The “higher order” somehow made me think that signals were not “linear” combinations anymore but I understand now that’s not what it means. It’s probably closer to using more partials in a Fourier transform.
I think that’s a reasonable comparison - the image of spherical harmonics halfway down this page is perhaps helpful to visualize how higher order components add spatial resolution.
The short answer is that Ambisonics is essentially a set of ideas and techniques for working with (holophonic) soundfields built around the Spherical Harmonic Transform (STH). The SHT is the FT over the surface of the sphere. We can think of the SH coefficients (Ambisonics channels) as “spatial bins”. And, we can think of Ambisonic order as being equivalent to FFT size.
The Ambisonic Enlightenment page offers a walkthrough of some important issues regarding the framing of Ambisonics. In particular, the question of sweet spot is reviewed here. Basic implications of Ambisonic order are reviewed here.
@shiihs, Ambisonics is both a deep and wide topic! Try (w/ the ATK):
As @jamshark70 points out, just like we can mix stereo sources together, we can mix Ambisonic encoded sources. These could be synthetic, or recorded from a SoundField microphone (for FOA), Eigenmike (for HOA). (Other hardware is available, too!!)
Once we have a mix, just like in stereo, any processing will affect the complete mix.* In principle, just like in stereo, if we want to process** separate Ambisonic streams separately, we need to do so before we mix.
*Actually, we can do beamforming, to select a part of the mix, process, and then re-inject into the soundfield. Some examples can be found here.

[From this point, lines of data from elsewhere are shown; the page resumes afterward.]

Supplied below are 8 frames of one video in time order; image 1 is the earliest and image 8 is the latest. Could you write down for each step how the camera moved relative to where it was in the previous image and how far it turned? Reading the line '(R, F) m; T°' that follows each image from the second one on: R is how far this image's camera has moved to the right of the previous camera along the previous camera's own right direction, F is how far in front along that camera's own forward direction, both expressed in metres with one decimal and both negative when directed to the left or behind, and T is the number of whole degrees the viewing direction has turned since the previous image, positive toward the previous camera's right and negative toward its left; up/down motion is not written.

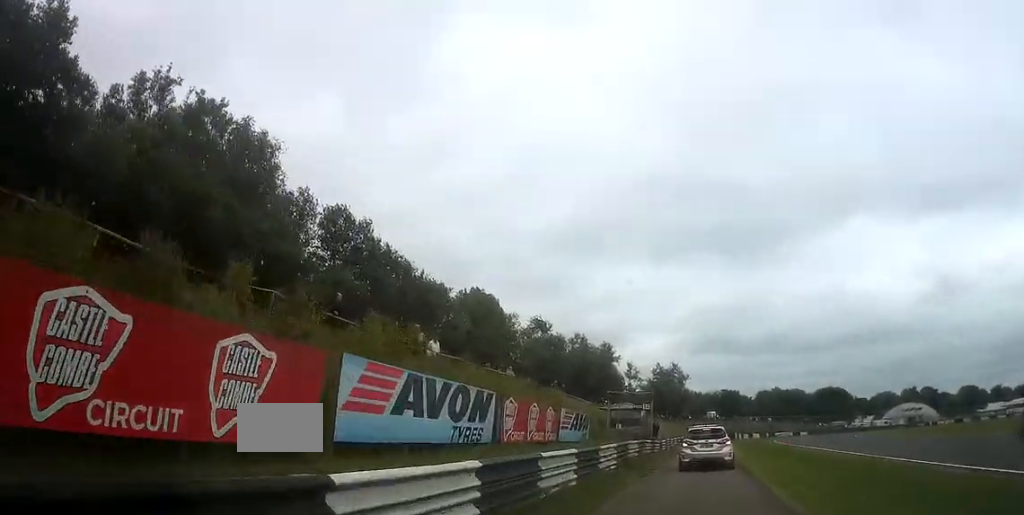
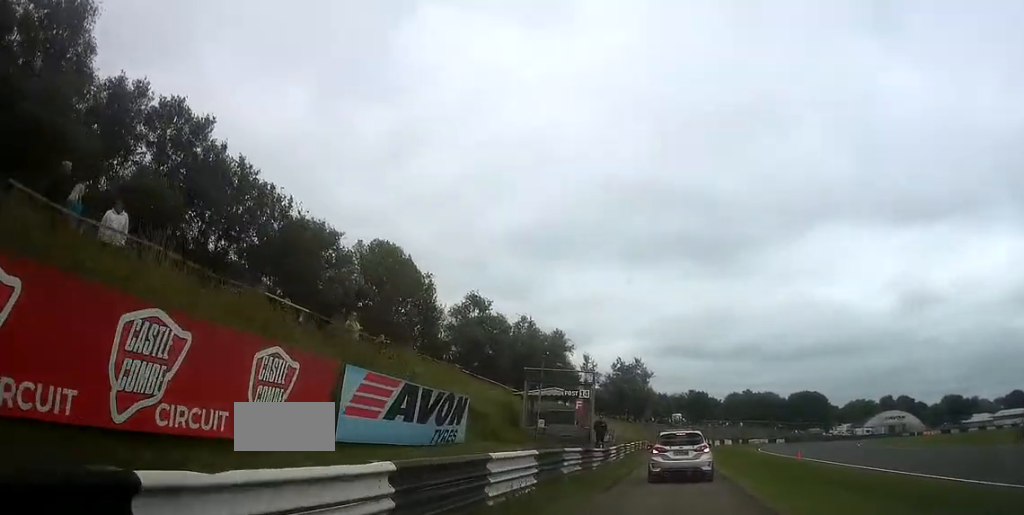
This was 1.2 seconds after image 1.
(+0.2, +11.9) m; +2°
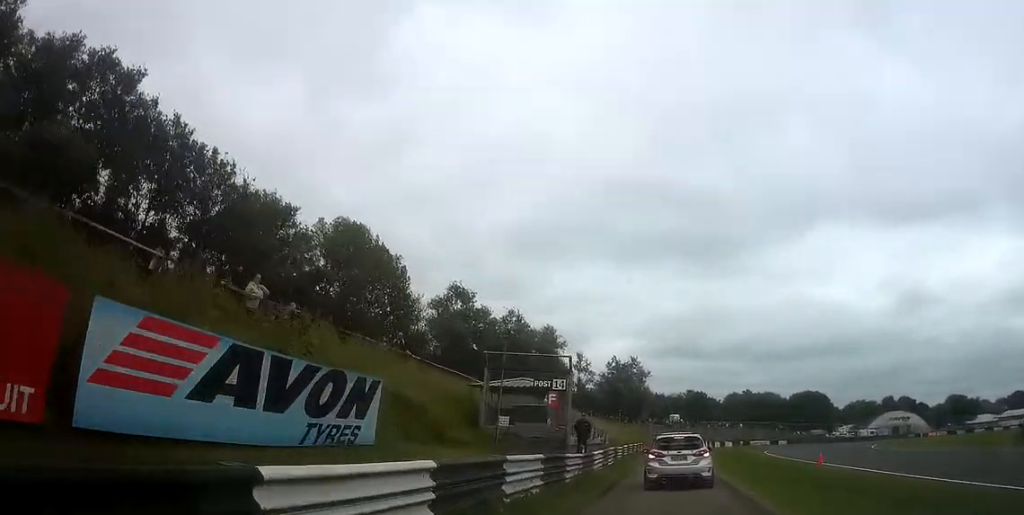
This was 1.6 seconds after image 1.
(0.0, +4.0) m; 0°
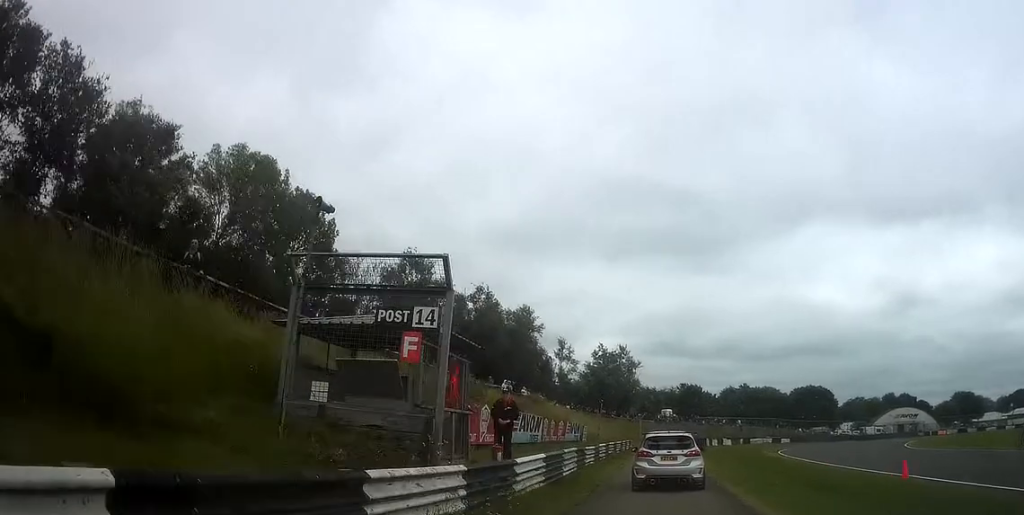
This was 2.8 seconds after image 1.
(+0.2, +9.2) m; +5°
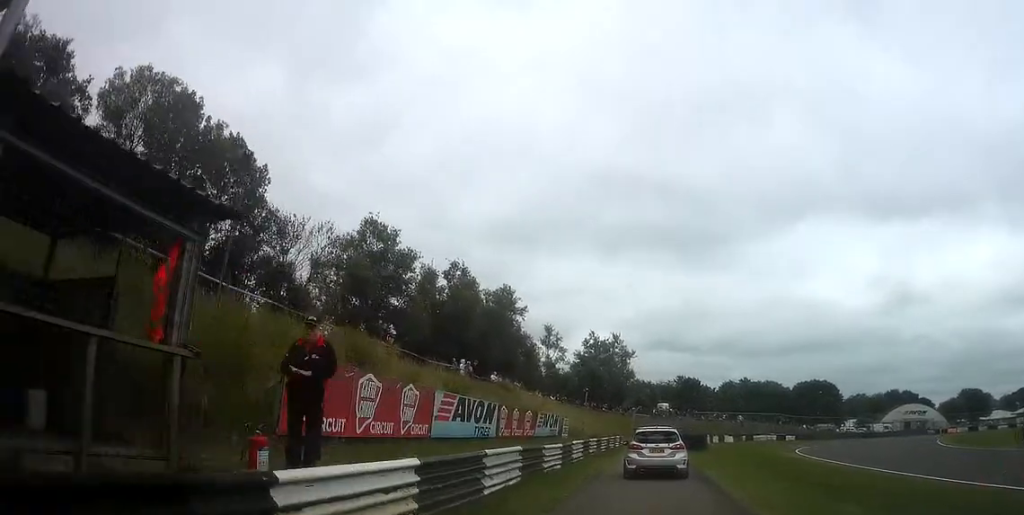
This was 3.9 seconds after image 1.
(+0.5, +8.3) m; +1°
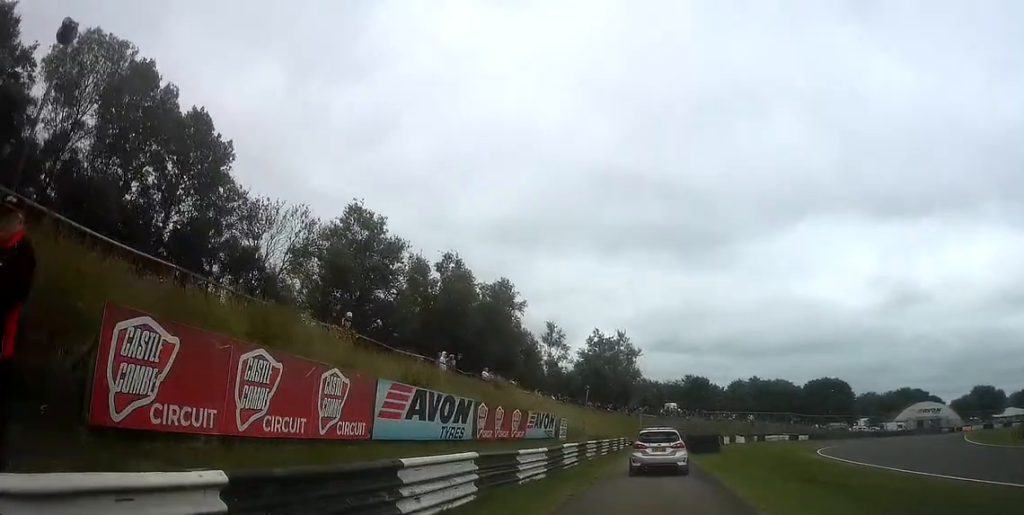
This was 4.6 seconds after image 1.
(-0.1, +4.8) m; -2°
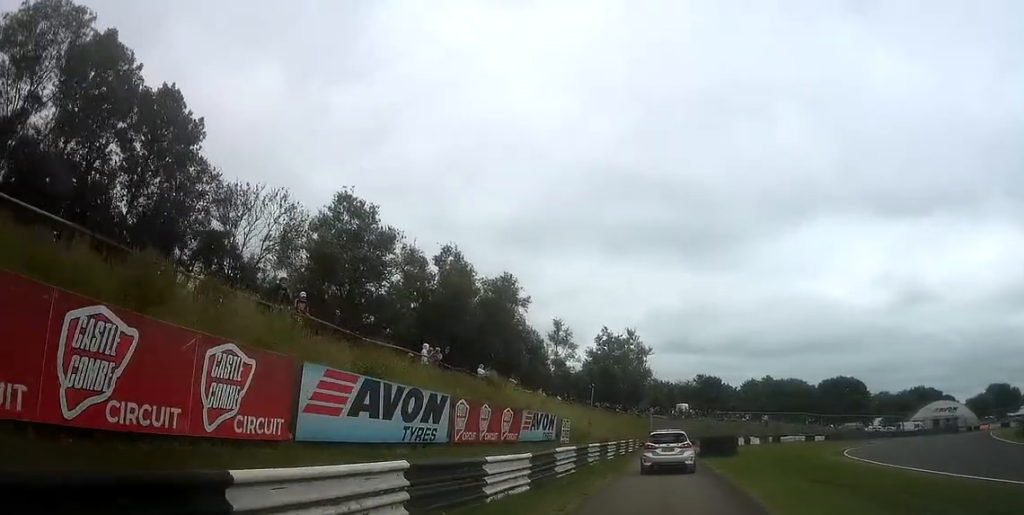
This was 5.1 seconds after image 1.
(-0.1, +4.0) m; -2°
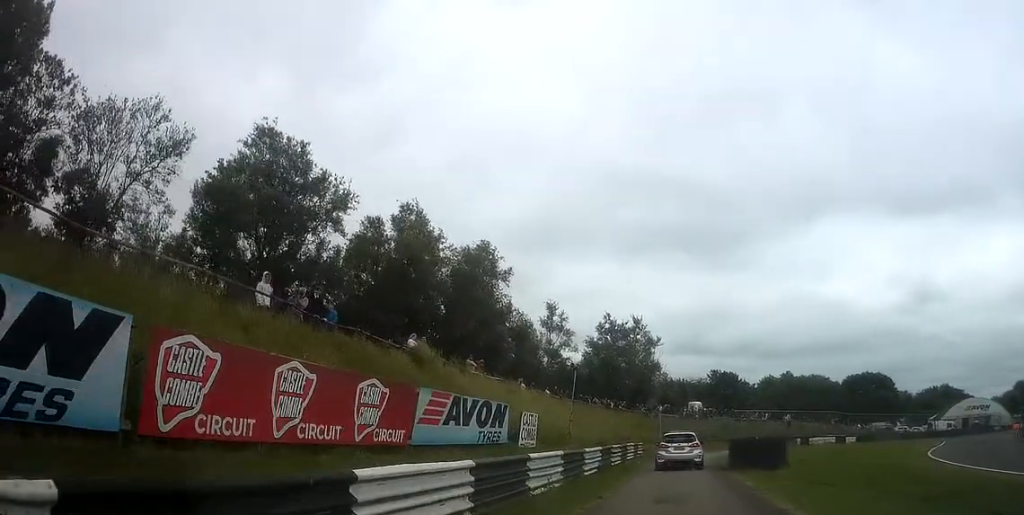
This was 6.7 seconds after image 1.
(-0.8, +12.7) m; -4°

Questions about sweet spot and Ambisonics are often misunderstood, and the situation is sometimes substantially overstated (e.g. ‘there is no sweet spot’). In practice, I think performance at higher orders tends to be comparable to other approaches. (You can see this from the plots in the link above.) It’s important to realise that precedence effect is not trumped by ambisonics, and very much applies. (Indeed it can be worse with non ‘in phase’ approach since localisation can be 180 degrees wrong, though thankfully this is not usually a problem with modern decoders.) In general the sweet spot (at least as ambisonics usually defines this) is small, and indeed much smaller than is relevant for concert presentation. (Probably much smaller than you think! Haha!)
In practice, this luckily doesn’t matter so much however, and a variety of factors affect listener experience. For example, while pairwise panning tends to be best in testing for point source localisation from an ideal listening position, ambisonics can have a ‘smoother’ sense of graduated space, since it should never have a source on only one speaker. This smooths out localisation blur and is less likely to get an ‘in the box effect’ when panning to exact speaker directions. (As an aside, VBAP’s spread parameter exists exactly to overcome this issue with pairwise panning, even though it makes point source localisation worse!)
This ‘wronger but nicer’ aspect can be very desirable, and is a principle worth considering in general with spatialisation systems. Qualitative aspects are under discussed or ignored! How approaches ‘go wrong’ outside the ideal listening area is similarly very important, and ambisonics tends to do pretty well with that. (i.e. wrong, but not too wrong with most common ambisonics decoding schemes). How ‘right’ does your music need to be is something else to keep in mind.
A final point is that results vary substantially by decoder type, especially with irregular speaker arrays. (Technically anything that isn’ a Platonic solid for 3D arrays). Parametric decoders, many of which use VBAP like approaches based on analysed sources or critical bands, can give very good point source and transient localisation, but at the expense of some artifacts. YMMV!
The ambisonic enlightenment article (and all the other ATK docs) is among some of the best info you can find on ambisonics out there. Highly recommend everyone try it.